One of the project’s developers, Alan Mycroft, very kindly came over from Cambridge with a real live Raspberry Pi to tell us all about it and what it’s capable of doing. Quite frankly it’s an astonishing development and I can’t wait to start tinkering with one myself.
For a start the whole thing fits on a credit-card-sized footprint. The tiny central processor is dwarfed by the components around it, belying its impressive capabilities. It’s a Broadcom ‘System on a Chip’ processor that neatly sandwiches processor, video GPU and 256MB of RAM in one tiny central bundle. It’s actually a Broadcom BCM2835, comprising an ARM1176JZFS with floating point capability, running at 700MHz. It was apparently originally intended for the set-top box market.
This makes it very approximately equivalent to a 300MHz Pentium 2 – not very exciting by modern standards – but the graphics capability part of that sandwich is bang up to date. It’s a separate Videocore 4 GPU, capable of Bluray quality playback, using H.264 at 40MBits/s.
In other words, Broadcom’s target market of set-top-box manufacturers, with their demand for 1080p high definition video, have led to this chip having the ability to cope with that without breaking into a sweat.

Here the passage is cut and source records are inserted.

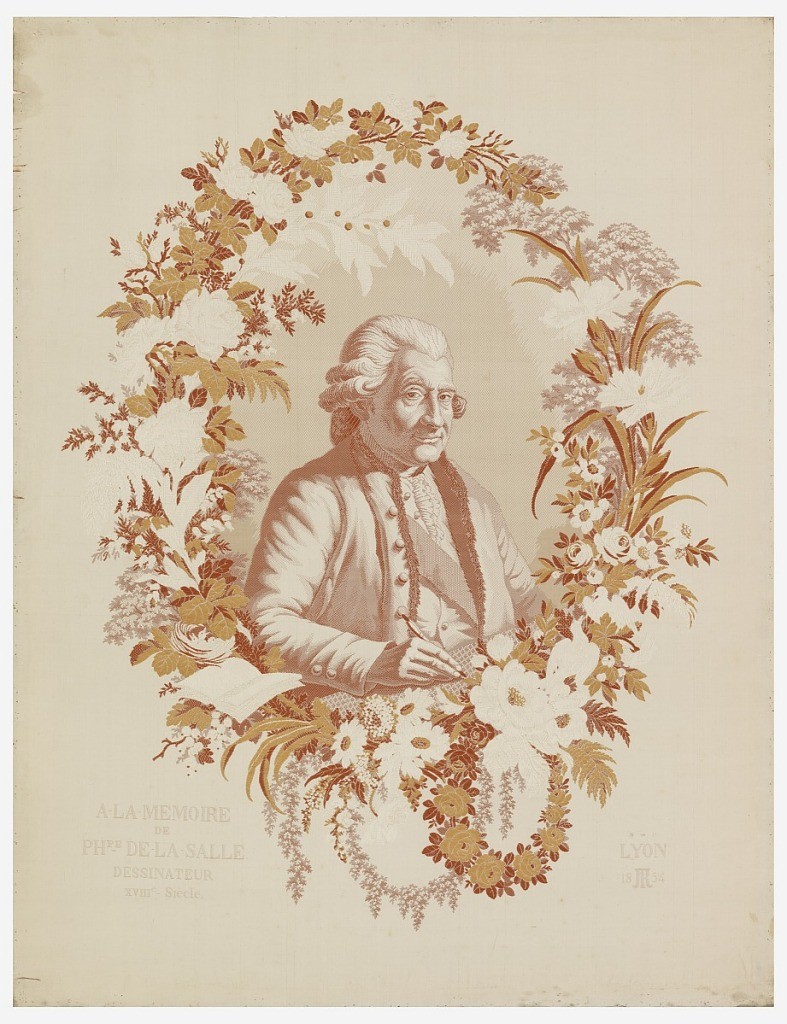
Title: Portrait
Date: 1854
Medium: silk Technique: jacquard woven
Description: Woven portrait of Philippe de la Salle (1723-1803), after a portrait by De Boissieu (1736-1810) and possibly woven by J. Reybaud of Lyon.
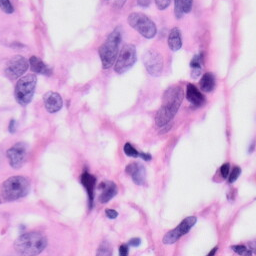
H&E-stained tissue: Skin
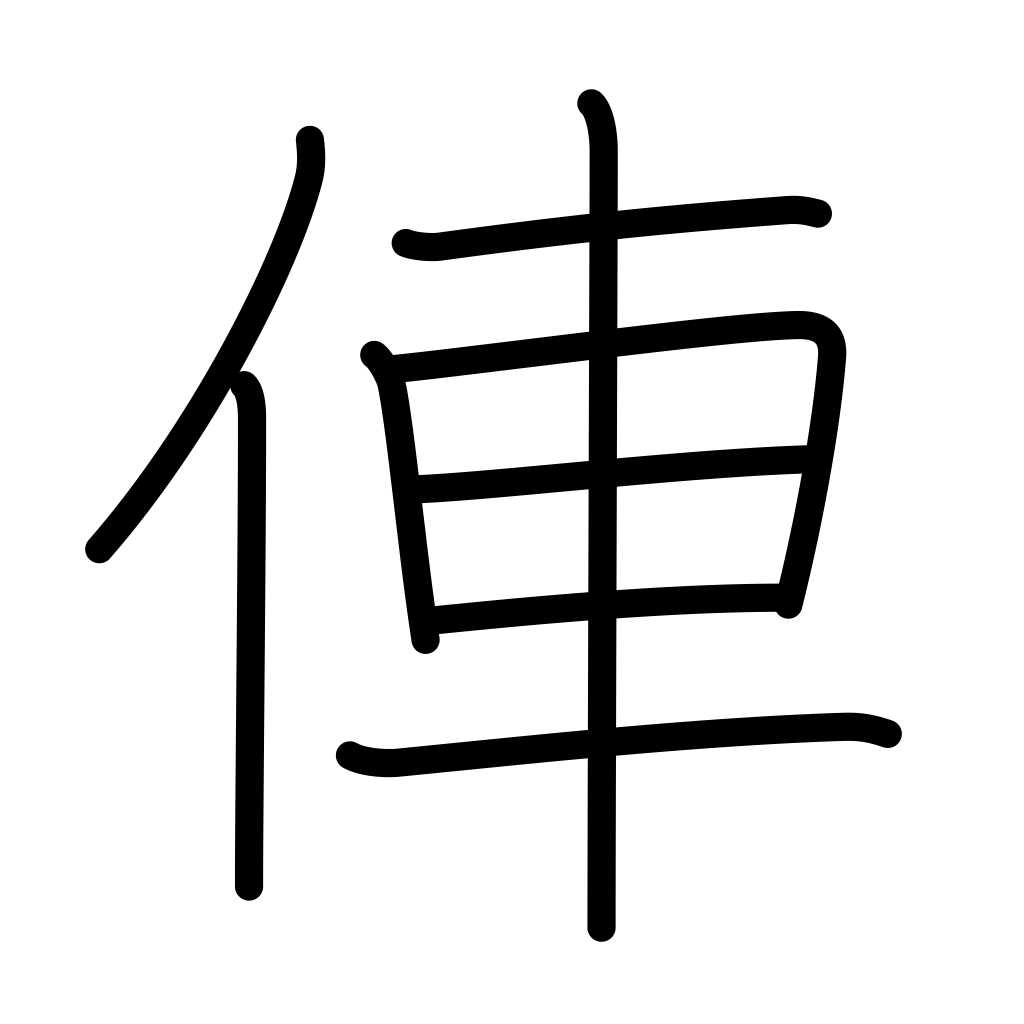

We saw it running a film at this quality – seamlessly – and also saw it rendering Rightmark’s Samurai warrior OpenGL ES benchmark, on the fly, at breathtaking quality and very impressive speed. A brand new desktop PC wouldn’t disgrace itself putting in a performance like that.
Video is outputted via HDMI – which can of course also transmit sound – but since this is targeted at the education market, where HD-ready kit isn’t quite so readily available, there is still an old-school option of composite video and audio out. There’s a 2p coin there too to help get a feel for just how small this thing really is.
The board runs off a 5v input – it uses a mini USB adapter – which means that many mobile phone chargers will power it but there are plenty of other options to get such a modest voltage. I gather it will still run even on lower voltages – such as the 4.5v output from three AA batteries. The 1w demand of the CPU is typical of many electronic devices on standby…
I’m thinking I would like to experiment with powering one from a solar panel or putting the Raspberry’s board inside the case of a wind-up clockwork radio. The boring option is of course to use a USB output from a monitor.
The truly wonderful thing about this amazing computer is that it’s so cheap that you could realistically deploy them in places where you’d not normally want to risk an expensive device. And because it boots from an SD card if you ‘brick’ the unit you can simply swap the SD card and re-insert the power cable to restore it. Incidentally the SD card being used to demo the unit was a fairly modest mid-range class 4 card – which gave ample performance for a demo of it running Linux – but it’s clear that using a class 10 card would improve paging performance and the screen redrawing (which is currently bitmapped rather than handed over to the GPU). This also suggests that there’s potential for a significant hike in performance on a device that’s already impressive in bang per buck.
Update: the video from the OUCS session on the Pi can be found here
i will be getting this!!!!
Where can I get one I’m a dev from UK and think its amazing how much for one to develop right now
This is amazing, we will use this for sure for our shop, great job for who made it.
Chris, the Raspberry Pi is available from several suppliers, both in the UK and internationally. The project’s homepage (http://www.raspberrypi.org/) lists them.
[…] Raspberry Pi is practically a mini-computer roughly the size of a credit card. Image courtesy of Nexus news. […]
hi, this is absalutily amazing. where can i purchase one?
regards,
Adele
Adele,
They’re available from a number of retailers in the UK. CPC, Maplin and RS Components all sell the Pi. If you search for any of those names along with ‘Raspberry Pi’ you’ll get links to them.